As with the 2012 map, the new version has 13 zones across the U.S. and its territories. Each zone is broken into half zones, designated as ‘A’ and ‘B.’ For example, zone 7 is divided into 7a and 7b half zones. When compared to the 2012 map, the 2023 version reveals that about half of the country shifted to the next warmer half zone, and the other half of the country remained in the same half-zone. That shift to the next warmer half zone means those areas warmed somewhere in the range of 0-5 F; however, some locations experienced warming in the range of 0-5 F without moving to another half zone.

These national differences in zonal boundaries are mostly a result of incorporating temperature data from a more recent time period. The 2023 map includes data measured at weather stations from 1991 to 2020. Notably, the 2023 map for Alaska is “warmer” than the 2012 version. That’s mainly because the new map uses more data representing the state’s mountain regions where, during winter, warm air overlies cold air that settles into low-elevation valleys, creating warmer temperatures.

The annual extreme minimum temperature represents the coldest night of the year, which can be highly variable from year to year, depending on local weather patterns. Some changes in zonal boundaries are also the result of using increasingly sophisticated mapping methods and the inclusion of data from more weather stations.

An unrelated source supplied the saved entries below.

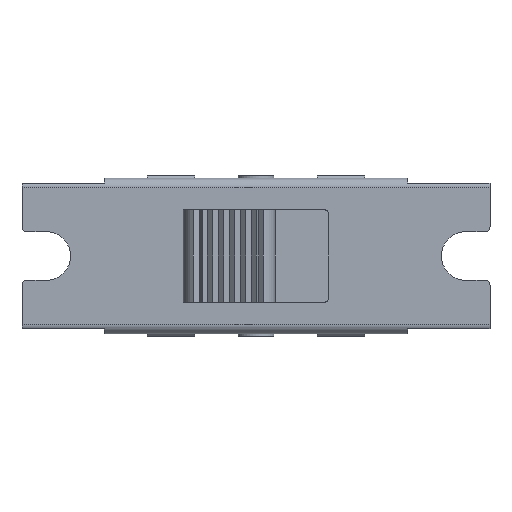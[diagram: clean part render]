
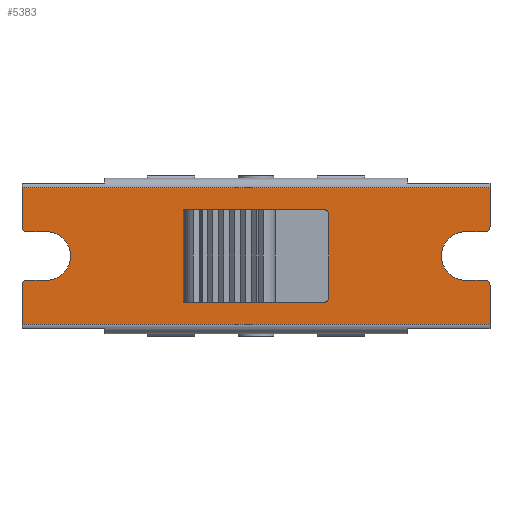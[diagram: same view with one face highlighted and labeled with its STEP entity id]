
A CAD part, front view. The second image highlights one B-rep face of the part: STEP entity #5383.
In plain terms, the highlighted face is planar.
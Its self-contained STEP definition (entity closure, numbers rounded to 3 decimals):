
#4751=CARTESIAN_POINT('',(-2.85,1.93,0.2));
#4752=VERTEX_POINT('',#4751);
#4753=CARTESIAN_POINT('',(-3.05,1.73,0.2));
#4754=VERTEX_POINT('',#4753);
#4755=CARTESIAN_POINT('',(-2.85,1.73,0.2));
#4756=DIRECTION('',(0.0,0.0,1.0));
#4757=DIRECTION('',(-0.707,0.707,0.0));
#4758=AXIS2_PLACEMENT_3D('',#4755,#4756,#4757);
#4759=CIRCLE('',#4758,0.2);
#4760=EDGE_CURVE('',#4752,#4754,#4759,.T.);
#4794=CARTESIAN_POINT('',(-3.05,-1.73,0.2));
#4795=VERTEX_POINT('',#4794);
#4796=CARTESIAN_POINT('',(-3.05,-1.73,0.2));
#4797=DIRECTION('',(0.0,1.0,0.0));
#4798=VECTOR('',#4797,3.46);
#4799=LINE('',#4796,#4798);
#4800=EDGE_CURVE('',#4795,#4754,#4799,.T.);
#4824=CARTESIAN_POINT('',(-2.85,-1.93,0.2));
#4825=VERTEX_POINT('',#4824);
#4826=CARTESIAN_POINT('',(-2.85,-1.73,0.2));
#4827=DIRECTION('',(0.0,0.0,1.0));
#4828=DIRECTION('',(-0.707,-0.707,0.0));
#4829=AXIS2_PLACEMENT_3D('',#4826,#4827,#4828);
#4830=CIRCLE('',#4829,0.2);
#4831=EDGE_CURVE('',#4795,#4825,#4830,.T.);
#4858=CARTESIAN_POINT('',(2.85,-1.93,0.2));
#4859=VERTEX_POINT('',#4858);
#4860=CARTESIAN_POINT('',(2.85,-1.93,0.2));
#4861=DIRECTION('',(-1.0,0.0,0.0));
#4862=VECTOR('',#4861,5.7);
#4863=LINE('',#4860,#4862);
#4864=EDGE_CURVE('',#4859,#4825,#4863,.T.);
#4888=CARTESIAN_POINT('',(3.05,-1.73,0.2));
#4889=VERTEX_POINT('',#4888);
#4890=CARTESIAN_POINT('',(2.85,-1.73,0.2));
#4891=DIRECTION('',(0.0,0.0,1.0));
#4892=DIRECTION('',(0.707,-0.707,0.0));
#4893=AXIS2_PLACEMENT_3D('',#4890,#4891,#4892);
#4894=CIRCLE('',#4893,0.2);
#4895=EDGE_CURVE('',#4859,#4889,#4894,.T.);
#4922=CARTESIAN_POINT('',(3.05,1.73,0.2));
#4923=VERTEX_POINT('',#4922);
#4924=CARTESIAN_POINT('',(3.05,1.73,0.2));
#4925=DIRECTION('',(0.0,-1.0,0.0));
#4926=VECTOR('',#4925,3.46);
#4927=LINE('',#4924,#4926);
#4928=EDGE_CURVE('',#4923,#4889,#4927,.T.);
#4952=CARTESIAN_POINT('',(2.85,1.93,0.2));
#4953=VERTEX_POINT('',#4952);
#4954=CARTESIAN_POINT('',(2.85,1.73,0.2));
#4955=DIRECTION('',(0.0,0.0,1.0));
#4956=DIRECTION('',(0.707,0.707,0.0));
#4957=AXIS2_PLACEMENT_3D('',#4954,#4955,#4956);
#4958=CIRCLE('',#4957,0.2);
#4959=EDGE_CURVE('',#4923,#4953,#4958,.T.);
#4993=CARTESIAN_POINT('',(-2.85,1.93,0.2));
#4994=DIRECTION('',(1.0,0.0,0.0));
#4995=VECTOR('',#4994,5.7);
#4996=LINE('',#4993,#4995);
#4997=EDGE_CURVE('',#4752,#4953,#4996,.T.);
#5007=CARTESIAN_POINT('',(9.58,-1.015,0.2));
#5008=VERTEX_POINT('',#5007);
#5009=CARTESIAN_POINT('',(9.78,-1.215,0.2));
#5010=VERTEX_POINT('',#5009);
#5011=CARTESIAN_POINT('',(9.58,-1.215,0.2));
#5012=DIRECTION('',(0.0,0.0,-1.0));
#5013=DIRECTION('',(0.707,0.707,0.0));
#5014=AXIS2_PLACEMENT_3D('',#5011,#5012,#5013);
#5015=CIRCLE('',#5014,0.2);
#5016=EDGE_CURVE('',#5008,#5010,#5015,.T.);
#5058=CARTESIAN_POINT('',(8.765,-1.015,0.2));
#5059=VERTEX_POINT('',#5058);
#5066=CARTESIAN_POINT('',(9.58,-1.015,0.2));
#5067=DIRECTION('',(-1.0,0.0,0.0));
#5068=VECTOR('',#5067,0.815);
#5069=LINE('',#5066,#5068);
#5070=EDGE_CURVE('',#5008,#5059,#5069,.T.);
#5216=CARTESIAN_POINT('',(9.78,1.215,0.2));
#5217=VERTEX_POINT('',#5216);
#5224=CARTESIAN_POINT('',(9.58,1.015,0.2));
#5225=VERTEX_POINT('',#5224);
#5226=CARTESIAN_POINT('',(9.58,1.215,0.2));
#5227=DIRECTION('',(0.0,0.0,-1.0));
#5228=DIRECTION('',(0.707,-0.707,0.0));
#5229=AXIS2_PLACEMENT_3D('',#5226,#5227,#5228);
#5230=CIRCLE('',#5229,0.2);
#5231=EDGE_CURVE('',#5217,#5225,#5230,.T.);
#5248=CARTESIAN_POINT('',(8.765,1.015,0.2));
#5249=VERTEX_POINT('',#5248);
#5250=CARTESIAN_POINT('',(8.765,1.015,0.2));
#5251=DIRECTION('',(1.0,0.0,0.0));
#5252=VECTOR('',#5251,0.815);
#5253=LINE('',#5250,#5252);
#5254=EDGE_CURVE('',#5249,#5225,#5253,.T.);
#5266=CARTESIAN_POINT('',(0.0,0.,0.2));
#5267=DIRECTION('',(0.0,0.0,1.0));
#5268=DIRECTION('',(1.0,0.0,0.0));
#5269=AXIS2_PLACEMENT_3D('',#5266,#5267,#5268);
#5270=PLANE('',#5269);
#5271=ORIENTED_EDGE('',*,*,#5016,.F.);
#5272=ORIENTED_EDGE('',*,*,#5070,.T.);
#5273=CARTESIAN_POINT('',(8.765,0.0,0.2));
#5274=DIRECTION('',(0.0,0.0,-1.0));
#5275=DIRECTION('',(1.0,0.0,0.0));
#5276=AXIS2_PLACEMENT_3D('',#5273,#5274,#5275);
#5277=CIRCLE('',#5276,1.015);
#5278=EDGE_CURVE('',#5059,#5249,#5277,.T.);
#5279=ORIENTED_EDGE('',*,*,#5278,.T.);
#5280=ORIENTED_EDGE('',*,*,#5254,.T.);
#5281=ORIENTED_EDGE('',*,*,#5231,.F.);
#5282=CARTESIAN_POINT('',(9.78,2.85,0.2));
#5283=VERTEX_POINT('',#5282);
#5284=CARTESIAN_POINT('',(9.78,2.85,0.2));
#5285=DIRECTION('',(0.0,-1.0,0.0));
#5286=VECTOR('',#5285,1.635);
#5287=LINE('',#5284,#5286);
#5288=EDGE_CURVE('',#5283,#5217,#5287,.T.);
#5289=ORIENTED_EDGE('',*,*,#5288,.F.);
#5290=CARTESIAN_POINT('',(-9.78,2.85,0.2));
#5291=VERTEX_POINT('',#5290);
#5292=CARTESIAN_POINT('',(9.78,2.85,0.2));
#5293=DIRECTION('',(-1.0,0.0,0.0));
#5294=VECTOR('',#5293,19.56);
#5295=LINE('',#5292,#5294);
#5296=EDGE_CURVE('',#5283,#5291,#5295,.T.);
#5297=ORIENTED_EDGE('',*,*,#5296,.T.);
#5298=CARTESIAN_POINT('',(-9.78,1.215,0.2));
#5299=VERTEX_POINT('',#5298);
#5300=CARTESIAN_POINT('',(-9.78,1.215,0.2));
#5301=DIRECTION('',(0.0,1.0,0.0));
#5302=VECTOR('',#5301,1.635);
#5303=LINE('',#5300,#5302);
#5304=EDGE_CURVE('',#5299,#5291,#5303,.T.);
#5305=ORIENTED_EDGE('',*,*,#5304,.F.);
#5306=CARTESIAN_POINT('',(-9.58,1.015,0.2));
#5307=VERTEX_POINT('',#5306);
#5308=CARTESIAN_POINT('',(-9.58,1.215,0.2));
#5309=DIRECTION('',(0.0,0.0,-1.0));
#5310=DIRECTION('',(-0.707,-0.707,0.0));
#5311=AXIS2_PLACEMENT_3D('',#5308,#5309,#5310);
#5312=CIRCLE('',#5311,0.2);
#5313=EDGE_CURVE('',#5307,#5299,#5312,.T.);
#5314=ORIENTED_EDGE('',*,*,#5313,.F.);
#5315=CARTESIAN_POINT('',(-8.765,1.015,0.2));
#5316=VERTEX_POINT('',#5315);
#5317=CARTESIAN_POINT('',(-9.58,1.015,0.2));
#5318=DIRECTION('',(1.0,0.0,0.0));
#5319=VECTOR('',#5318,0.815);
#5320=LINE('',#5317,#5319);
#5321=EDGE_CURVE('',#5307,#5316,#5320,.T.);
#5322=ORIENTED_EDGE('',*,*,#5321,.T.);
#5323=CARTESIAN_POINT('',(-8.765,-1.015,0.2));
#5324=VERTEX_POINT('',#5323);
#5325=CARTESIAN_POINT('',(-8.765,0.0,0.2));
#5326=DIRECTION('',(0.0,0.0,-1.0));
#5327=DIRECTION('',(1.0,0.0,0.0));
#5328=AXIS2_PLACEMENT_3D('',#5325,#5326,#5327);
#5329=CIRCLE('',#5328,1.015);
#5330=EDGE_CURVE('',#5316,#5324,#5329,.T.);
#5331=ORIENTED_EDGE('',*,*,#5330,.T.);
#5332=CARTESIAN_POINT('',(-9.58,-1.015,0.2));
#5333=VERTEX_POINT('',#5332);
#5334=CARTESIAN_POINT('',(-8.765,-1.015,0.2));
#5335=DIRECTION('',(-1.0,0.0,0.0));
#5336=VECTOR('',#5335,0.815);
#5337=LINE('',#5334,#5336);
#5338=EDGE_CURVE('',#5324,#5333,#5337,.T.);
#5339=ORIENTED_EDGE('',*,*,#5338,.T.);
#5340=CARTESIAN_POINT('',(-9.78,-1.215,0.2));
#5341=VERTEX_POINT('',#5340);
#5342=CARTESIAN_POINT('',(-9.58,-1.215,0.2));
#5343=DIRECTION('',(0.0,0.0,-1.0));
#5344=DIRECTION('',(-0.707,0.707,0.0));
#5345=AXIS2_PLACEMENT_3D('',#5342,#5343,#5344);
#5346=CIRCLE('',#5345,0.2);
#5347=EDGE_CURVE('',#5341,#5333,#5346,.T.);
#5348=ORIENTED_EDGE('',*,*,#5347,.F.);
#5349=CARTESIAN_POINT('',(-9.78,-2.85,0.2));
#5350=VERTEX_POINT('',#5349);
#5351=CARTESIAN_POINT('',(-9.78,-2.85,0.2));
#5352=DIRECTION('',(0.0,1.0,0.0));
#5353=VECTOR('',#5352,1.635);
#5354=LINE('',#5351,#5353);
#5355=EDGE_CURVE('',#5350,#5341,#5354,.T.);
#5356=ORIENTED_EDGE('',*,*,#5355,.F.);
#5357=CARTESIAN_POINT('',(9.78,-2.85,0.2));
#5358=VERTEX_POINT('',#5357);
#5359=CARTESIAN_POINT('',(-9.78,-2.85,0.2));
#5360=DIRECTION('',(1.0,0.0,0.0));
#5361=VECTOR('',#5360,19.56);
#5362=LINE('',#5359,#5361);
#5363=EDGE_CURVE('',#5350,#5358,#5362,.T.);
#5364=ORIENTED_EDGE('',*,*,#5363,.T.);
#5365=CARTESIAN_POINT('',(9.78,-1.215,0.2));
#5366=DIRECTION('',(0.0,-1.0,0.0));
#5367=VECTOR('',#5366,1.635);
#5368=LINE('',#5365,#5367);
#5369=EDGE_CURVE('',#5010,#5358,#5368,.T.);
#5370=ORIENTED_EDGE('',*,*,#5369,.F.);
#5371=EDGE_LOOP('',(#5271,#5272,#5279,#5280,#5281,#5289,#5297,#5305,#5314,#5322,#5331,#5339,#5348,#5356,#5364,#5370));
#5372=FACE_OUTER_BOUND('',#5371,.T.);
#5373=ORIENTED_EDGE('',*,*,#4800,.T.);
#5374=ORIENTED_EDGE('',*,*,#4760,.F.);
#5375=ORIENTED_EDGE('',*,*,#4997,.T.);
#5376=ORIENTED_EDGE('',*,*,#4959,.F.);
#5377=ORIENTED_EDGE('',*,*,#4928,.T.);
#5378=ORIENTED_EDGE('',*,*,#4895,.F.);
#5379=ORIENTED_EDGE('',*,*,#4864,.T.);
#5380=ORIENTED_EDGE('',*,*,#4831,.F.);
#5381=EDGE_LOOP('',(#5373,#5374,#5375,#5376,#5377,#5378,#5379,#5380));
#5382=FACE_BOUND('',#5381,.T.);
#5383=ADVANCED_FACE('',(#5372,#5382),#5270,.T.);

Temperature updates to plant hardiness zones are not necessarily reflective of global climate change because of the highly variable nature of the extreme minimum temperature of the year, as well as the use of increasingly sophisticated mapping methods and the inclusion of data from more weather stations. Consequently, map developers involved in the project cautioned against attributing temperature updates made to some zones as reliable and accurate indicators of global climate change, which is usually based on trends in overall average temperatures recorded over long time periods.

Although a paper version of the 2023 map will not be available for purchase from the government, anyone may download the new map free of charge at planthardiness.ars.usda.gov/ and print copies as needed.